EXERCISE OBJECTIVE ▸ Please return, exactly and only, the lines beginning at the top of the entries below and ending with the line containing "fill: #5a5a5a;"; keep out the pictures.

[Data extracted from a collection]
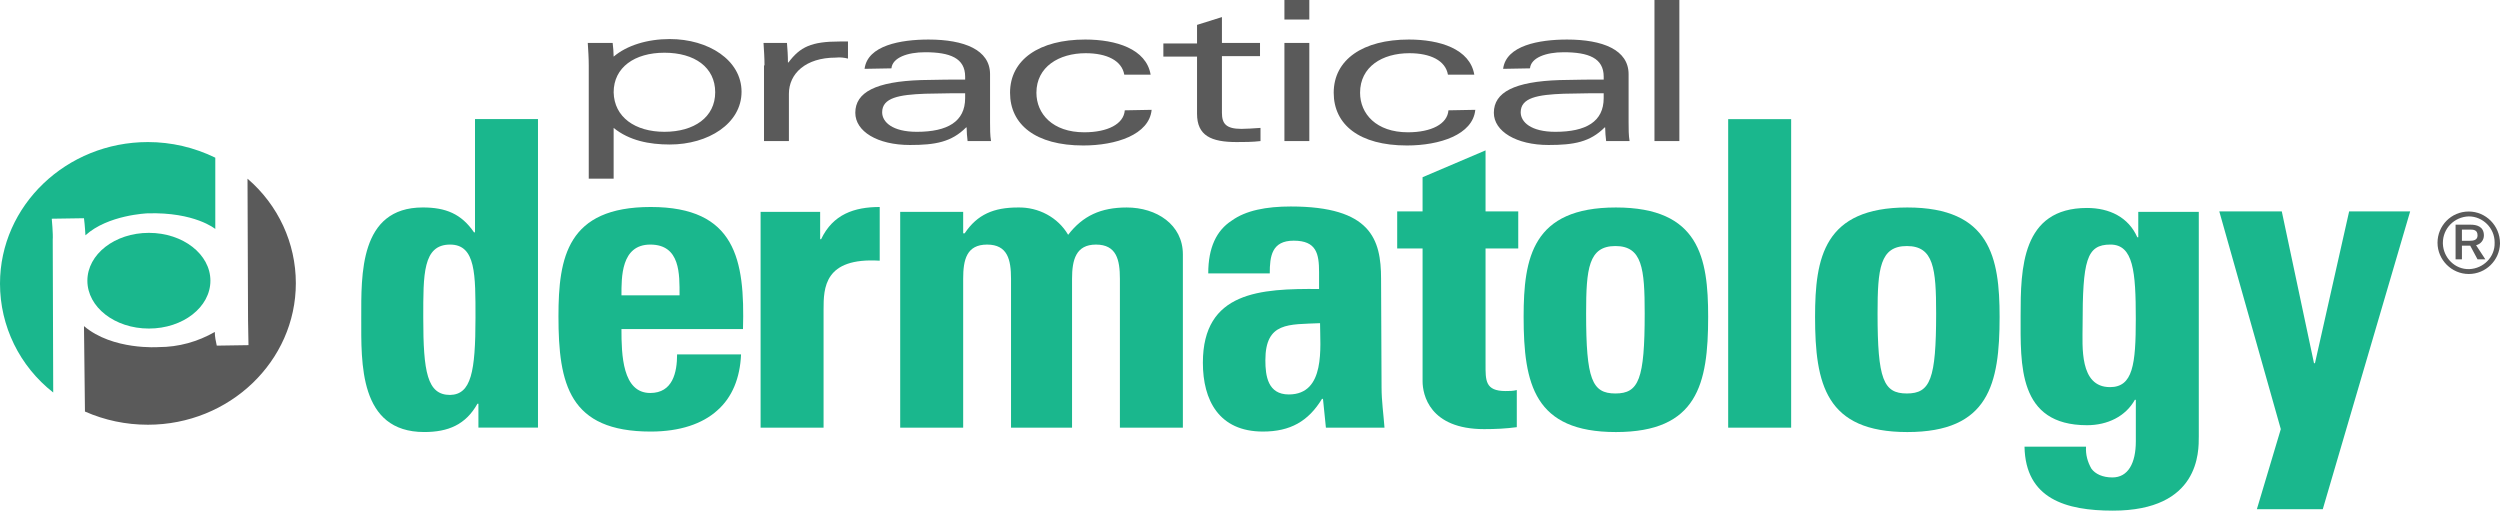 <?xml version="1.0" encoding="UTF-8"?>
<svg id="Layer_1" xmlns="http://www.w3.org/2000/svg" version="1.1" viewBox="0 0 256 52.29">
  <!-- Generator: Adobe Illustrator 29.0.0, SVG Export Plug-In . SVG Version: 2.1.0 Build 186)  -->
  <defs>
    <style>
      .st0, .st1 {
        fill: #5a5a5a;
      }

      .st1, .st2 {
        fill-rule: evenodd;
      }

      .st2 {
        fill: #1ab78d;
      }
    </style>
  </defs>
  <g id="Group_4237">
    <path id="Fill-1" class="st1" d="M8.698,42.142c2.05.9,4.199,1.35,6.449,1.35,8.348,0,15.147-6.499,15.147-14.497,0-4.099-1.8-7.998-4.949-10.698l.05,13.397s0,1.95.05,3.649l-3.249.05c-.1-.45-.2-.9-.2-1.4-1.75,1-3.699,1.55-5.749,1.55,0,0-4.699.35-7.648-2.15l.1,8.748"/>
    <path id="Fill-3" class="st1" d="M60.288,6.699c0-.75-.05-1.5-.1-2.3h2.549c.05.45.1.95.1,1.4,1.35-1.15,3.449-1.8,5.749-1.8,3.949,0,7.349,2.15,7.349,5.399s-3.399,5.399-7.349,5.399c-2.1,0-4.149-.4-5.749-1.7v5.199h-2.549V6.699M68.037,13.497c3.049,0,5.199-1.5,5.199-4.049s-2.1-4.049-5.199-4.049c-3.049,0-5.199,1.5-5.199,4.049.05,2.549,2.2,4.049,5.199,4.049"/>
    <path id="Fill-5" class="st1" d="M78.285,6.699c0-.75-.05-1.5-.1-2.3h2.4c.05.6.1,1.3.1,2h.05c1.2-1.6,2.35-2.15,5.249-2.15h.85v1.75c-.4-.1-.8-.15-1.25-.1-3.099,0-4.799,1.65-4.799,3.699v4.849h-2.55v-7.748"/>
    <path id="Fill-7" class="st1" d="M88.533,7.049c.3-2.4,3.699-2.999,6.549-2.999,3.649,0,6.299,1.05,6.299,3.549v4.949c0,.65,0,1.3.1,1.9h-2.4c-.05-.45-.1-.95-.1-1.4h-.05c-1.5,1.5-3.149,1.8-5.749,1.8-3.349,0-5.599-1.4-5.599-3.299,0-2.1,2.1-3.199,6.749-3.349,1.95-.05,3.249-.05,4.499-.05v-.3c0-1.9-1.55-2.5-4.099-2.5-1.8,0-3.349.55-3.449,1.65l-2.749.05h0ZM98.831,9.548c-.85,0-2.1,0-4.099.05-2.649.1-4.399.4-4.399,1.9,0,1,1.05,2,3.549,2,3.149,0,4.949-1.05,4.949-3.449v-.5h0Z"/>
    <path id="Fill-9" class="st1" d="M117.927,11.248c-.25,2.549-3.649,3.649-6.999,3.649-4.899,0-7.499-2.15-7.499-5.399,0-3.399,2.999-5.449,7.698-5.449,3.149,0,6.249.95,6.699,3.599h-2.699c-.25-1.45-1.8-2.2-3.949-2.2-2.749,0-5.049,1.4-5.049,4.049,0,2.15,1.65,4.049,4.899,4.049,2.4,0,4.049-.85,4.149-2.25l2.749-.05"/>
    <path id="Fill-11" class="st1" d="M122.576,2.549l2.55-.8v2.649h3.899v1.35h-3.899v5.799c0,1.1.4,1.65,2,1.65.45,0,1.25-.05,1.95-.1v1.35c-.85.1-1.7.1-2.45.1-2.599,0-4.049-.65-4.049-2.899v-5.849h-3.449v-1.35h3.449v-1.9"/>
    <path id="Fill-13" class="st1" d="M131.524,2h2.55V0h-2.55v2ZM131.524,14.447h2.55V4.399h-2.55s0,10.048,0,10.048Z"/>
    <path id="Fill-15" class="st1" d="M151.07,11.248c-.25,2.549-3.649,3.649-6.999,3.649-4.899,0-7.499-2.15-7.499-5.399,0-3.399,2.999-5.449,7.698-5.449,3.149,0,6.249.95,6.699,3.599h-2.699c-.25-1.45-1.8-2.2-3.949-2.2-2.799,0-5.049,1.4-5.049,4.049,0,2.15,1.65,4.049,4.899,4.049,2.4,0,4.049-.85,4.149-2.25l2.749-.05"/>
    <path id="Fill-16" class="st1" d="M153.92,7.049c.3-2.4,3.699-2.999,6.549-2.999,3.649,0,6.299,1.05,6.299,3.549v4.949c0,.65,0,1.3.1,1.9h-2.4c-.05-.45-.1-.95-.1-1.4h-.05c-1.5,1.5-3.149,1.8-5.749,1.8-3.299,0-5.599-1.4-5.599-3.299,0-2.1,2.1-3.199,6.749-3.349,1.95-.05,3.249-.05,4.499-.05v-.3c0-1.9-1.55-2.5-4.099-2.5-1.8,0-3.349.55-3.449,1.65l-2.749.05h0ZM164.218,9.548c-.85,0-2.1,0-4.099.05-2.649.1-4.399.4-4.399,1.9,0,1,1.05,2,3.549,2,3.149,0,4.949-1.05,4.949-3.449v-.5h0Z"/>
    <path id="Fill-17" class="st1" d="M169.417,14.447h2.55V0h-2.55v14.447Z"/>
    <path id="Fill-18" class="st2" d="M48.99,43.791v-2.45h-.1c-1.2,2.15-2.999,2.899-5.449,2.899-6.699,0-6.449-7.099-6.449-11.648,0-4.449-.2-11.348,6.299-11.348,2.35,0,3.949.65,5.249,2.549h.1v-11.598h6.449v31.594h-6.099M48.69,32.544c0-4.399.05-7.499-2.599-7.499-2.799,0-2.749,3.049-2.749,7.499,0,5.549.4,7.898,2.749,7.898,2.15-.05,2.599-2.35,2.599-7.898"/>
    <path id="Fill-19" class="st2" d="M63.637,33.693c0,2.649.1,6.549,2.949,6.549,2.3,0,2.749-2.1,2.749-3.949h6.549c-.1,2.4-.9,4.399-2.45,5.749-1.5,1.35-3.799,2.15-6.799,2.15-8.348,0-9.448-4.849-9.448-11.798,0-6.049.9-11.198,9.448-11.198,8.698,0,9.648,5.399,9.448,12.498h-12.448.002,0ZM69.586,30.244c0-2.15.1-5.199-2.999-5.199-2.999,0-2.949,3.349-2.949,5.199h5.949,0Z"/>
    <path id="Fill-20" class="st2" d="M83.983,21.646v2.849h.1c1.2-2.549,3.399-3.299,5.999-3.299v5.499c-5.699-.35-5.749,2.799-5.749,4.999v12.098h-6.449v-22.096h6.099"/>
    <path id="Fill-21" class="st2" d="M98.681,23.895h.1c1.3-1.95,2.999-2.649,5.449-2.649,2.1-.05,4.099,1,5.149,2.799,1.5-1.95,3.349-2.799,5.999-2.799,3.049,0,5.749,1.75,5.749,4.799v17.746h-6.449v-15.247c0-1.95-.35-3.499-2.45-3.499-2.05,0-2.45,1.55-2.45,3.499v15.247h-6.249v-15.247c0-1.95-.35-3.499-2.45-3.499s-2.45,1.55-2.45,3.499v15.247h-6.449v-22.096h6.449v2.2"/>
    <path id="Fill-22" class="st2" d="M141.472,39.692c0,1.35.2,2.749.3,4.099h-5.999l-.3-2.949h-.1c-1.4,2.3-3.249,3.349-6.049,3.349-4.499,0-6.149-3.199-6.149-7.049,0-7.299,5.899-7.599,11.898-7.549v-1.7c0-1.9-.25-3.249-2.599-3.249-2.25,0-2.45,1.6-2.45,3.349h-6.299c0-2.649.85-4.399,2.4-5.399,1.45-1.05,3.549-1.45,6.049-1.45,8.198,0,9.248,3.349,9.248,7.399l.05,11.148M129.574,36.893c0,1.6.25,3.499,2.4,3.499,3.799,0,3.199-4.899,3.199-7.299-3.199.15-5.599-.15-5.599,3.799"/>
    <path id="Fill-23" class="st2" d="M143.072,21.646h2.599v-3.499l6.449-2.749v6.249h3.349v3.799h-3.349v11.848c0,1.65-.05,2.749,2.05,2.749.4,0,.75,0,1.15-.1v3.799c-1.1.15-2.2.2-3.349.2-5.599,0-6.299-3.549-6.299-4.899v-13.597h-2.599v-3.799"/>
    <path id="Fill-24" class="st2" d="M156.019,32.444c0-6.049.9-11.198,9.448-11.198s9.448,5.149,9.448,11.198c0,6.899-1.1,11.798-9.448,11.798s-9.448-4.899-9.448-11.798M168.417,32.094c0-4.599-.25-6.899-2.999-6.899s-2.999,2.3-2.999,6.899c0,6.749.6,8.198,2.999,8.198s2.999-1.45,2.999-8.198"/>
    <path id="Fill-25" class="st2" d="M176.965,43.791h6.449V12.198h-6.449v31.594h0Z"/>
    <path id="Fill-26" class="st2" d="M185.863,32.444c0-6.049.9-11.198,9.448-11.198,8.498,0,9.448,5.149,9.448,11.198,0,6.899-1.1,11.798-9.448,11.798s-9.448-4.899-9.448-11.798M198.261,32.094c0-4.599-.25-6.899-2.999-6.899s-2.999,2.3-2.999,6.899c0,6.749.6,8.198,2.999,8.198s2.999-1.45,2.999-8.198"/>
    <path id="Fill-27" class="st2" d="M225.156,21.646v23.045c0,1.55.1,7.598-8.798,7.598-4.799,0-8.948-1.2-9.048-6.549h6.299c-.05.8.15,1.55.55,2.25.4.55,1.15.9,2.15.9,1.6,0,2.4-1.45,2.4-3.699v-4.249h-.1c-.95,1.7-2.799,2.599-4.899,2.599-7.099,0-6.799-6.199-6.799-11.198,0-4.849.1-11.048,6.799-11.048,2.3,0,4.249.95,5.149,2.999h.1v-2.599h6.199M216.057,39.642c2.35,0,2.649-2.3,2.649-6.999,0-4.849-.25-7.599-2.599-7.599-2.45,0-2.849,1.6-2.849,8.348,0,2.05-.35,6.249,2.799,6.249"/>
    <path id="Fill-28" class="st2" d="M5.449,40.192c-3.449-2.699-5.449-6.799-5.449-11.148,0-7.998,6.799-14.497,15.147-14.497,2.4,0,4.749.55,6.899,1.6v7.299s-2.1-1.75-6.949-1.6c0,0-4.049.15-6.349,2.25,0,0-.05-1-.15-1.75l-3.299.05s.15,1.6.1,2.15l.05,15.647"/>
    <path id="Fill-29" class="st2" d="M21.546,28.744c0,2.699-2.799,4.899-6.299,4.899s-6.299-2.2-6.299-4.899,2.799-4.899,6.299-4.899,6.299,2.2,6.299,4.899"/>
    <path id="Fill-30" class="st2" d="M233.554,43.941l-6.299-22.296h6.399l3.299,15.547h.1l3.499-15.547h6.249l-8.948,30.494h-6.749l2.45-8.198Z"/>
    <g id="_">
      <path id="Shape" class="st0" d="M252.801,21.659c-1.8,0-3.199,1.45-3.199,3.199s1.45,3.199,3.199,3.199,3.149-1.4,3.199-3.099v-.05c0-1.8-1.45-3.249-3.199-3.249h0ZM252.801,22.159c1.45,0,2.649,1.2,2.649,2.649v.05c.05,1.45-1.15,2.649-2.599,2.699s-2.649-1.15-2.699-2.599v-.1c0-1.45,1.15-2.649,2.649-2.699-.05,0,0,0,0,0h0ZM252.951,25.158l.75,1.4h.8l-.95-1.45c.45-.1.8-.5.8-1,0-.95-.8-1.1-1.35-1.1h-1.55v3.549h.65v-1.4h.85ZM252.101,23.508h.75c.4,0,.85,0,.85.6,0,.5-.45.55-.85.55h-.75v-1.15Z"/>
    </g>
  </g>
</svg>

WRITTEN ANSWER ▸
 <?xml version="1.0" encoding="UTF-8"?>
<svg id="Layer_1" xmlns="http://www.w3.org/2000/svg" version="1.1" viewBox="0 0 256 52.29">
  <!-- Generator: Adobe Illustrator 29.0.0, SVG Export Plug-In . SVG Version: 2.1.0 Build 186)  -->
  <defs>
    <style>
      .st0, .st1 {
        fill: #5a5a5a;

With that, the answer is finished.